**DATA RECORDS:**

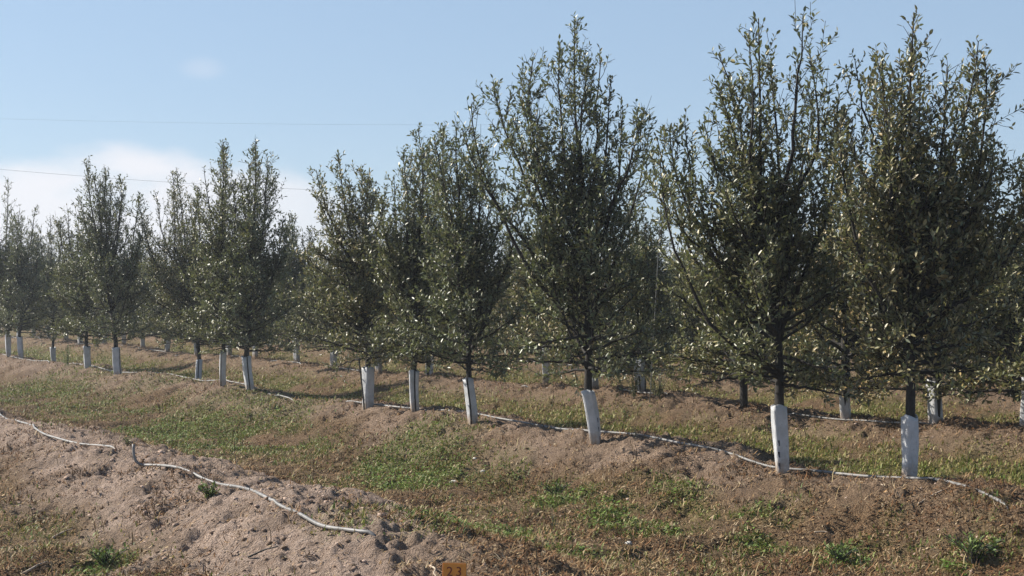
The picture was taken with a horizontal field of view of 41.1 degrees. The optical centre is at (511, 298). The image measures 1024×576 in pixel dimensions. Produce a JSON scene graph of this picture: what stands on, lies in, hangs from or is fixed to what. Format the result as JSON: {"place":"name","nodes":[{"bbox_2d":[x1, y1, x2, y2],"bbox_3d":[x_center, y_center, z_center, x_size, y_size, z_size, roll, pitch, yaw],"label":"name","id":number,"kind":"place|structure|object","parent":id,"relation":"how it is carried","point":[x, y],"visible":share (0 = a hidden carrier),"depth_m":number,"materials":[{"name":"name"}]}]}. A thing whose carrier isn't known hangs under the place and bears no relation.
{"place":"outdoors","nodes":[
{"label":"outdoors","id":0,"kind":"place"},
{"bbox_2d":[1,169,1013,195],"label":"power line","id":1,"kind":"object","parent":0,"point":[244,186],"visible":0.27,"depth_m":92.97,"materials":[{"name":"metal"}]},
{"bbox_2d":[0,327,1023,575],"bbox_3d":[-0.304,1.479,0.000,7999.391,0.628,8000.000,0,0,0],"label":"ground","id":2,"kind":"structure","parent":0,"point":[354,549],"depth_m":11.16,"materials":[{"name":"soil"}]},
{"bbox_2d":[5,334,10,356],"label":"tree guard","id":3,"kind":"object","parent":2,"relation":"on","point":[8,345],"visible":0.82,"depth_m":30.22,"materials":[{"name":"white plastic"}]},
{"bbox_2d":[0,177,36,336],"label":"evergreen tree","id":4,"kind":"object","parent":2,"relation":"on","point":[3,256],"visible":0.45,"depth_m":30.26,"materials":[{"name":"green plant"}]},
{"bbox_2d":[17,336,23,358],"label":"tree guard","id":5,"kind":"object","parent":2,"relation":"on","point":[20,347],"visible":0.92,"depth_m":29.79,"materials":[{"name":"white plastic"}]},
{"bbox_2d":[0,242,42,329],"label":"evergreen tree","id":6,"kind":"object","parent":2,"relation":"on","point":[10,302],"visible":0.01,"depth_m":45.43,"materials":[{"name":"green plant"}]},
{"bbox_2d":[11,231,48,331],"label":"evergreen tree","id":7,"kind":"object","parent":2,"relation":"on","point":[29,267],"visible":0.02,"depth_m":43.72,"materials":[{"name":"green plant"}]},
{"bbox_2d":[0,205,63,338],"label":"evergreen tree","id":8,"kind":"object","parent":2,"relation":"on","point":[25,275],"visible":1,"depth_m":29.72,"materials":[{"name":"green plant"}]},
{"bbox_2d":[21,561,46,573],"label":"twig","id":9,"kind":"object","parent":2,"relation":"on","point":[33,567],"visible":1,"depth_m":8.21,"materials":[{"name":"brown wood"}]},
{"bbox_2d":[25,234,61,337],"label":"evergreen tree","id":10,"kind":"object","parent":2,"relation":"on","point":[48,257],"visible":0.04,"depth_m":42.45,"materials":[{"name":"green plant"}]},
{"bbox_2d":[19,215,84,347],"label":"evergreen tree","id":11,"kind":"object","parent":2,"relation":"on","point":[57,314],"visible":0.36,"depth_m":31.27,"materials":[{"name":"green plant"}]},
{"bbox_2d":[50,347,55,361],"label":"tree guard","id":12,"kind":"object","parent":2,"relation":"on","point":[53,353],"visible":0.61,"depth_m":31.30,"materials":[{"name":"white plastic"}]},
{"bbox_2d":[0,414,113,447],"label":"irrigation pipe","id":13,"kind":"object","parent":2,"relation":"on","point":[58,438],"visible":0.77,"depth_m":12.39,"materials":[{"name":"white plastic"}]},
{"bbox_2d":[52,529,71,538],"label":"twig","id":14,"kind":"object","parent":2,"relation":"on","point":[54,536],"visible":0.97,"depth_m":9.21,"materials":[{"name":"brown wood"}]},
{"bbox_2d":[62,345,71,364],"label":"sapling","id":15,"kind":"object","parent":2,"relation":"on","point":[67,348],"visible":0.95,"depth_m":26.27,"materials":[{"name":"green plant"}]},
{"bbox_2d":[46,247,98,342],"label":"evergreen tree","id":16,"kind":"object","parent":2,"relation":"on","point":[71,316],"depth_m":39.44,"materials":[{"name":"green plant"}]},
{"bbox_2d":[42,203,116,356],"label":"evergreen tree","id":17,"kind":"object","parent":2,"relation":"on","point":[68,283],"visible":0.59,"depth_m":25.04,"materials":[{"name":"green plant"}]},
{"bbox_2d":[83,346,90,368],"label":"tree guard","id":18,"kind":"object","parent":2,"relation":"on","point":[87,355],"visible":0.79,"depth_m":25.12,"materials":[{"name":"white plastic"}]},
{"bbox_2d":[65,259,119,332],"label":"evergreen tree","id":19,"kind":"object","parent":2,"relation":"on","point":[89,307],"visible":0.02,"depth_m":37.93,"materials":[{"name":"green plant"}]},
{"bbox_2d":[57,155,157,347],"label":"evergreen tree","id":20,"kind":"object","parent":2,"relation":"on","point":[115,287],"visible":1,"depth_m":23.36,"materials":[{"name":"green plant"}]},
{"bbox_2d":[88,542,130,566],"bbox_3d":[-2.435,1.552,8.266,0.246,0.153,0.279,0,0,-14],"label":"weed","id":21,"kind":"object","parent":2,"relation":"on","point":[101,556],"visible":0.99,"depth_m":8.21,"materials":[{"name":"green plant"}]},
{"bbox_2d":[112,347,121,374],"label":"tree guard","id":22,"kind":"object","parent":2,"relation":"on","point":[116,360],"visible":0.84,"depth_m":23.35,"materials":[{"name":"white plastic"}]},
{"bbox_2d":[90,221,145,331],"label":"evergreen tree","id":23,"kind":"object","parent":2,"relation":"on","point":[126,233],"visible":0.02,"depth_m":36.71,"materials":[{"name":"green plant"}]},
{"bbox_2d":[121,436,131,445],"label":"weed","id":24,"kind":"object","parent":2,"relation":"on","point":[127,442],"visible":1,"depth_m":11.63,"materials":[{"name":"green plant"}]},
{"bbox_2d":[141,331,144,346],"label":"tree guard","id":25,"kind":"object","parent":2,"relation":"on","point":[142,342],"visible":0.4,"depth_m":35.35,"materials":[{"name":"white plastic"}]},
{"bbox_2d":[103,236,183,339],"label":"evergreen tree","id":26,"kind":"object","parent":2,"relation":"on","point":[146,273],"visible":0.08,"depth_m":35.14,"materials":[{"name":"green plant"}]},
{"bbox_2d":[125,222,190,346],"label":"evergreen tree","id":27,"kind":"object","parent":2,"relation":"on","point":[154,308],"visible":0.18,"depth_m":33.41,"materials":[{"name":"green plant"}]},
{"bbox_2d":[165,338,170,351],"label":"tree guard","id":28,"kind":"object","parent":2,"relation":"on","point":[167,347],"visible":0.51,"depth_m":33.64,"materials":[{"name":"white plastic"}]},
{"bbox_2d":[127,168,232,359],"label":"evergreen tree","id":29,"kind":"object","parent":2,"relation":"on","point":[173,290],"visible":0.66,"depth_m":23.66,"materials":[{"name":"green plant"}]},
{"bbox_2d":[152,229,233,350],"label":"evergreen tree","id":30,"kind":"object","parent":2,"relation":"on","point":[161,324],"visible":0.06,"depth_m":31.85,"materials":[{"name":"green plant"}]},
{"bbox_2d":[195,359,202,378],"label":"tree guard","id":31,"kind":"object","parent":2,"relation":"on","point":[198,369],"visible":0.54,"depth_m":23.77,"materials":[{"name":"white plastic"}]},
{"bbox_2d":[196,480,219,499],"bbox_3d":[-2.013,1.274,9.073,0.161,0.140,0.126,0,0,0],"label":"weed","id":32,"kind":"object","parent":2,"relation":"on","point":[211,492],"visible":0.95,"depth_m":9.05,"materials":[{"name":"green plant"}]},
{"bbox_2d":[173,138,269,351],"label":"evergreen tree","id":33,"kind":"object","parent":2,"relation":"on","point":[221,219],"visible":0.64,"depth_m":19.33,"materials":[{"name":"green plant"}]},
{"bbox_2d":[219,350,226,386],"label":"tree guard","id":34,"kind":"object","parent":2,"relation":"on","point":[222,366],"visible":0.88,"depth_m":19.37,"materials":[{"name":"white plastic"}]},
{"bbox_2d":[226,346,231,355],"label":"tree guard","id":35,"kind":"object","parent":2,"relation":"on","point":[229,352],"visible":0.25,"depth_m":30.60,"materials":[{"name":"white plastic"}]},
{"bbox_2d":[188,235,272,346],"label":"evergreen tree","id":36,"kind":"object","parent":2,"relation":"on","point":[221,323],"depth_m":30.42,"materials":[{"name":"green plant"}]},
{"bbox_2d":[241,356,253,390],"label":"tree guard","id":37,"kind":"object","parent":2,"relation":"on","point":[247,372],"visible":0.8,"depth_m":18.91,"materials":[{"name":"white plastic"}]},
{"bbox_2d":[198,139,302,356],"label":"evergreen tree","id":38,"kind":"object","parent":2,"relation":"on","point":[249,264],"visible":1,"depth_m":18.86,"materials":[{"name":"green plant"}]},
{"bbox_2d":[132,444,375,535],"bbox_3d":[-1.759,1.215,8.922,0.248,0.196,3.907,0,0,-33],"label":"irrigation pipe","id":39,"kind":"object","parent":2,"relation":"on","point":[306,517],"visible":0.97,"depth_m":8.42,"materials":[{"name":"white plastic"}]},
{"bbox_2d":[217,226,290,349],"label":"evergreen tree","id":40,"kind":"object","parent":2,"relation":"on","point":[259,317],"visible":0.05,"depth_m":28.92,"materials":[{"name":"green plant"}]},
{"bbox_2d":[252,345,258,357],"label":"tree guard","id":41,"kind":"object","parent":2,"relation":"on","point":[254,354],"visible":0.3,"depth_m":29.07,"materials":[{"name":"white plastic"}]},
{"bbox_2d":[248,546,278,557],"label":"twig","id":42,"kind":"object","parent":2,"relation":"on","point":[251,555],"visible":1,"depth_m":7.49,"materials":[{"name":"wood"}]},
{"bbox_2d":[270,279,317,338],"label":"evergreen tree","id":43,"kind":"object","parent":2,"relation":"on","point":[285,321],"depth_m":37.40,"materials":[{"name":"green plant"}]},
{"bbox_2d":[251,210,338,352],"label":"evergreen tree","id":44,"kind":"object","parent":2,"relation":"on","point":[295,275],"visible":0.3,"depth_m":27.41,"materials":[{"name":"green plant"}]},
{"bbox_2d":[293,338,299,361],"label":"tree guard","id":45,"kind":"object","parent":2,"relation":"on","point":[297,357],"visible":0.55,"depth_m":27.54,"materials":[{"name":"white plastic"}]},
{"bbox_2d":[266,228,358,357],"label":"evergreen tree","id":46,"kind":"object","parent":2,"relation":"on","point":[312,310],"visible":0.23,"depth_m":25.85,"materials":[{"name":"green plant"}]},
{"bbox_2d":[300,258,336,345],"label":"evergreen tree","id":47,"kind":"object","parent":2,"relation":"on","point":[317,311],"visible":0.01,"depth_m":35.85,"materials":[{"name":"green plant"}]},
{"bbox_2d":[330,348,337,366],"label":"tree guard","id":48,"kind":"object","parent":2,"relation":"on","point":[333,356],"visible":0.38,"depth_m":26.02,"materials":[{"name":"white plastic"}]},
{"bbox_2d":[288,149,408,383],"bbox_3d":[-1.858,-0.192,16.031,1.495,3.114,1.394,0,0,-24],"label":"evergreen tree","id":49,"kind":"object","parent":2,"relation":"on","point":[357,304],"visible":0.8,"depth_m":15.93,"materials":[{"name":"green plant"}]},
{"bbox_2d":[358,357,364,409],"bbox_3d":[-1.758,1.023,15.979,0.096,0.682,0.021,0,0,17],"label":"stake","id":50,"kind":"object","parent":2,"relation":"on","point":[361,384],"visible":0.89,"depth_m":15.97,"materials":[{"name":"wood"}]},
{"bbox_2d":[362,366,373,409],"bbox_3d":[-1.689,1.075,16.028,0.124,0.560,0.126,0,0,-39],"label":"tree guard","id":51,"kind":"object","parent":2,"relation":"on","point":[368,381],"visible":0.87,"depth_m":15.98,"materials":[{"name":"white plastic"}]},
{"bbox_2d":[374,345,381,371],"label":"tree guard","id":52,"kind":"object","parent":2,"relation":"on","point":[378,368],"visible":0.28,"depth_m":24.34,"materials":[{"name":"white plastic"}]},
{"bbox_2d":[332,236,438,363],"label":"evergreen tree","id":53,"kind":"object","parent":2,"relation":"on","point":[362,349],"visible":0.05,"depth_m":24.24,"materials":[{"name":"green plant"}]},
{"bbox_2d":[352,122,464,378],"bbox_3d":[-1.147,-0.333,15.095,1.234,3.262,1.136,0,0,-29],"label":"evergreen tree","id":54,"kind":"object","parent":2,"relation":"on","point":[402,267],"visible":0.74,"depth_m":14.98,"materials":[{"name":"green plant"}]},
{"bbox_2d":[409,370,419,411],"bbox_3d":[-1.077,1.035,15.064,0.122,0.502,0.106,0,0,-11],"label":"tree guard","id":55,"kind":"object","parent":2,"relation":"on","point":[414,388],"visible":0.98,"depth_m":15.02,"materials":[{"name":"white plastic"}]},
{"bbox_2d":[425,353,433,374],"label":"tree guard","id":56,"kind":"object","parent":2,"relation":"on","point":[431,367],"visible":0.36,"depth_m":23.08,"materials":[{"name":"white plastic"}]},
{"bbox_2d":[361,178,499,374],"bbox_3d":[-1.337,-0.303,23.106,2.205,3.465,2.307,0,0,-32],"label":"evergreen tree","id":57,"kind":"object","parent":2,"relation":"on","point":[393,323],"visible":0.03,"depth_m":23.06,"materials":[{"name":"green plant"}]},
{"bbox_2d":[442,562,466,575],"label":"number plate","id":58,"kind":"object","parent":2,"relation":"on","point":[454,568],"visible":1,"depth_m":6.41,"materials":[{"name":"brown wood"}]},
{"bbox_2d":[436,267,487,354],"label":"evergreen tree","id":59,"kind":"object","parent":2,"relation":"on","point":[464,324],"depth_m":29.75,"materials":[{"name":"green plant"}]},
{"bbox_2d":[395,115,538,381],"bbox_3d":[-0.459,-0.253,13.773,1.411,3.153,1.562,0,0,-10],"label":"evergreen tree","id":60,"kind":"object","parent":2,"relation":"on","point":[468,249],"visible":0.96,"depth_m":13.58,"materials":[{"name":"green plant"}]},
{"bbox_2d":[463,378,477,424],"bbox_3d":[-0.422,1.054,13.797,0.133,0.514,0.112,0,0,-27],"label":"tree guard","id":61,"kind":"object","parent":2,"relation":"on","point":[470,399],"visible":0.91,"depth_m":13.76,"materials":[{"name":"white plastic"}]},
{"bbox_2d":[11,336,932,424],"bbox_3d":[-7.484,1.312,32.017,0.234,0.224,45.884,0,0,-34],"label":"irrigation pipe","id":62,"kind":"object","parent":2,"relation":"on","point":[666,393],"visible":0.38,"depth_m":15.69,"materials":[{"name":"white plastic"}]},
{"bbox_2d":[480,232,529,336],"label":"evergreen tree","id":63,"kind":"object","parent":2,"relation":"on","point":[502,248],"visible":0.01,"depth_m":35.58,"materials":[{"name":"green plant"}]},
{"bbox_2d":[3,354,1007,508],"bbox_3d":[-5.006,1.267,21.143,0.430,0.189,30.186,0,0,-33],"label":"irrigation pipe","id":64,"kind":"object","parent":2,"relation":"on","point":[801,469],"visible":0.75,"depth_m":11.46,"materials":[{"name":"white plastic"}]},
{"bbox_2d":[474,255,542,359],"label":"evergreen tree","id":65,"kind":"object","parent":2,"relation":"on","point":[504,314],"visible":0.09,"depth_m":28.09,"materials":[{"name":"green plant"}]},
{"bbox_2d":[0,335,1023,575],"bbox_3d":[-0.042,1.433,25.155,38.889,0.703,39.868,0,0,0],"label":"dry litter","id":66,"kind":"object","parent":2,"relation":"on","point":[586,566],"visible":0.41,"depth_m":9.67,"materials":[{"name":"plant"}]},
{"bbox_2d":[0,368,1023,575],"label":"soil clods","id":67,"kind":"object","parent":2,"relation":"on","point":[300,565],"visible":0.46,"depth_m":8.88,"materials":[{"name":"brown soil"}]},
{"bbox_2d":[486,212,580,366],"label":"evergreen tree","id":68,"kind":"object","parent":2,"relation":"on","point":[520,293],"visible":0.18,"depth_m":20.05,"materials":[{"name":"green plant"}]},
{"bbox_2d":[542,348,549,383],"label":"tree guard","id":69,"kind":"object","parent":2,"relation":"on","point":[544,369],"visible":0.35,"depth_m":20.20,"materials":[{"name":"white plastic"}]},
{"bbox_2d":[550,515,557,529],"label":"weed","id":70,"kind":"object","parent":2,"relation":"on","point":[552,524],"visible":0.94,"depth_m":9.72,"materials":[{"name":"green plant"}]},
{"bbox_2d":[538,477,573,495],"bbox_3d":[0.354,1.517,10.915,0.286,0.163,0.192,0,0,-33],"label":"weed","id":71,"kind":"object","parent":2,"relation":"on","point":[557,489],"visible":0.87,"depth_m":10.92,"materials":[{"name":"green plant"}]},
{"bbox_2d":[447,11,682,396],"bbox_3d":[0.467,-0.602,12.122,2.071,3.906,1.602,0,0,0],"label":"evergreen tree","id":72,"kind":"object","parent":2,"relation":"on","point":[572,207],"visible":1,"depth_m":12.00,"materials":[{"name":"green plant"}]},
{"bbox_2d":[581,390,600,444],"bbox_3d":[0.707,1.071,12.103,0.178,0.530,0.119,0,0,13],"label":"tree guard","id":73,"kind":"object","parent":2,"relation":"on","point":[591,411],"visible":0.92,"depth_m":12.06,"materials":[{"name":"white plastic"}]},
{"bbox_2d":[592,354,598,387],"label":"tree guard","id":74,"kind":"object","parent":2,"relation":"on","point":[595,383],"visible":0.2,"depth_m":19.23,"materials":[{"name":"white plastic"}]},
{"bbox_2d":[535,229,660,373],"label":"evergreen tree","id":75,"kind":"object","parent":2,"relation":"on","point":[553,324],"visible":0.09,"depth_m":19.07,"materials":[{"name":"green plant"}]},
{"bbox_2d":[565,184,692,382],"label":"evergreen tree","id":76,"kind":"object","parent":2,"relation":"on","point":[649,290],"visible":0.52,"depth_m":18.19,"materials":[{"name":"green plant"}]},
{"bbox_2d":[623,376,641,398],"bbox_3d":[1.590,1.174,18.012,0.250,0.342,0.166,0,0,0],"label":"weed","id":77,"kind":"object","parent":2,"relation":"on","point":[634,392],"visible":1,"depth_m":18.01,"materials":[{"name":"green plant"}]},
{"bbox_2d":[634,359,644,391],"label":"tree guard","id":78,"kind":"object","parent":2,"relation":"on","point":[642,382],"visible":0.5,"depth_m":18.34,"materials":[{"name":"white plastic"}]},
{"bbox_2d":[610,228,679,347],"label":"evergreen tree","id":79,"kind":"object","parent":2,"relation":"on","point":[635,312],"depth_m":24.93,"materials":[{"name":"green plant"}]},
{"bbox_2d":[638,368,669,399],"bbox_3d":[1.858,1.106,17.760,0.455,0.424,0.499,0,0,0],"label":"weed","id":80,"kind":"object","parent":2,"relation":"on","point":[655,392],"visible":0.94,"depth_m":17.74,"materials":[{"name":"green plant"}]},
{"bbox_2d":[649,166,662,402],"bbox_3d":[1.858,-0.172,17.581,0.188,3.115,0.014,0,0,-6],"label":"support cane","id":81,"kind":"object","parent":2,"relation":"on","point":[655,302],"visible":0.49,"depth_m":17.58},
{"bbox_2d":[634,228,714,370],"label":"evergreen tree","id":82,"kind":"object","parent":2,"relation":"on","point":[678,305],"visible":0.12,"depth_m":23.07,"materials":[{"name":"green plant"}]},
{"bbox_2d":[664,239,706,357],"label":"evergreen tree","id":83,"kind":"object","parent":2,"relation":"on","point":[672,276],"visible":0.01,"depth_m":29.67,"materials":[{"name":"green plant"}]},
{"bbox_2d":[644,197,836,407],"bbox_3d":[2.863,-0.052,16.677,2.477,2.942,2.146,0,0,4],"label":"evergreen tree","id":84,"kind":"object","parent":2,"relation":"on","point":[700,356],"visible":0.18,"depth_m":16.54,"materials":[{"name":"green plant"}]},
{"bbox_2d":[634,0,873,407],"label":"evergreen tree","id":85,"kind":"object","parent":2,"relation":"on","point":[768,272],"visible":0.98,"depth_m":10.24,"materials":[{"name":"green plant"}]},
{"bbox_2d":[701,272,833,380],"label":"evergreen tree","id":86,"kind":"object","parent":2,"relation":"on","point":[754,335],"depth_m":22.20,"materials":[{"name":"green plant"}]},
{"bbox_2d":[771,404,788,473],"bbox_3d":[2.032,1.084,10.330,0.136,0.570,0.121,0,0,0],"label":"tree guard","id":87,"kind":"object","parent":2,"relation":"on","point":[779,425],"visible":0.91,"depth_m":10.28,"materials":[{"name":"white plastic"}]},
{"bbox_2d":[793,268,849,351],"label":"evergreen tree","id":88,"kind":"object","parent":2,"relation":"on","point":[821,333],"depth_m":26.47,"materials":[{"name":"green plant"}]},
{"bbox_2d":[762,139,905,405],"bbox_3d":[3.794,-0.191,15.345,1.972,3.294,2.064,0,0,18],"label":"evergreen tree","id":89,"kind":"object","parent":2,"relation":"on","point":[843,320],"visible":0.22,"depth_m":15.24,"materials":[{"name":"green plant"}]},
{"bbox_2d":[789,190,886,374],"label":"evergreen tree","id":90,"kind":"object","parent":2,"relation":"on","point":[848,338],"visible":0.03,"depth_m":20.77,"materials":[{"name":"green plant"}]},
{"bbox_2d":[824,539,857,562],"bbox_3d":[2.037,1.571,8.447,0.198,0.160,0.276,0,0,40],"label":"weed","id":91,"kind":"object","parent":2,"relation":"on","point":[838,553],"visible":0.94,"depth_m":8.43,"materials":[{"name":"green plant"}]},
{"bbox_2d":[839,379,850,418],"bbox_3d":[3.757,1.139,15.414,0.133,0.547,0.131,0,0,20],"label":"tree guard","id":92,"kind":"object","parent":2,"relation":"on","point":[845,411],"visible":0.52,"depth_m":15.36,"materials":[{"name":"white plastic"}]},
{"bbox_2d":[901,414,918,476],"bbox_3d":[2.811,1.069,9.652,0.113,0.503,0.112,0,0,0],"label":"tree guard","id":93,"kind":"object","parent":2,"relation":"on","point":[910,437],"visible":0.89,"depth_m":9.61,"materials":[{"name":"white plastic"}]},
{"bbox_2d":[802,5,1023,417],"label":"evergreen tree","id":94,"kind":"object","parent":2,"relation":"on","point":[941,236],"visible":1,"depth_m":9.55,"materials":[{"name":"green plant"}]},
{"bbox_2d":[831,155,1015,416],"bbox_3d":[4.466,-0.089,14.466,2.104,3.016,2.098,0,0,0],"label":"evergreen tree","id":95,"kind":"object","parent":2,"relation":"on","point":[895,379],"visible":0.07,"depth_m":14.33,"materials":[{"name":"green plant"}]},
{"bbox_2d":[918,487,948,503],"bbox_3d":[2.777,1.300,8.998,0.238,0.103,0.016,0,0,-18],"label":"twig","id":96,"kind":"object","parent":2,"relation":"on","point":[932,495],"visible":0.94,"depth_m":9.00,"materials":[{"name":"brown wood"}]},
{"bbox_2d":[926,379,942,423],"bbox_3d":[4.455,1.109,14.388,0.137,0.523,0.160,0,0,-29],"label":"tree guard","id":97,"kind":"object","parent":2,"relation":"on","point":[932,411],"visible":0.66,"depth_m":14.34,"materials":[{"name":"white plastic"}]},
{"bbox_2d":[915,166,1023,408],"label":"evergreen tree","id":98,"kind":"object","parent":2,"relation":"on","point":[1012,322],"visible":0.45,"depth_m":13.28,"materials":[{"name":"green plant"}]},
{"bbox_2d":[943,531,1007,563],"bbox_3d":[2.686,1.441,7.938,0.278,0.190,0.314,0,0,-28],"label":"weed","id":99,"kind":"object","parent":2,"relation":"on","point":[972,551],"visible":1,"depth_m":7.90,"materials":[{"name":"green plant"}]},
{"bbox_2d":[1019,377,1023,426],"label":"tree guard","id":100,"kind":"object","parent":2,"relation":"on","point":[1022,410],"visible":0.63,"depth_m":13.42,"materials":[{"name":"white plastic"}]},
{"bbox_2d":[0,340,1023,575],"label":"grass","id":101,"kind":"structure","parent":0,"point":[642,524],"depth_m":13.12,"materials":[{"name":"green plant"}]},
{"bbox_2d":[0,0,1023,284],"label":"sky","id":102,"kind":"structure","parent":0,"point":[288,71],"materials":[{"name":"blue"}]},
{"bbox_2d":[27,113,1023,124],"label":"power line","id":103,"kind":"object","parent":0,"point":[352,124],"visible":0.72,"depth_m":95.98,"materials":[{"name":"metal"}]}
]}

**TASK ITEM:** Within the entries above, count the lines that include "outdoors". The answer is that number alone.

**RESPONSE AREA:** 2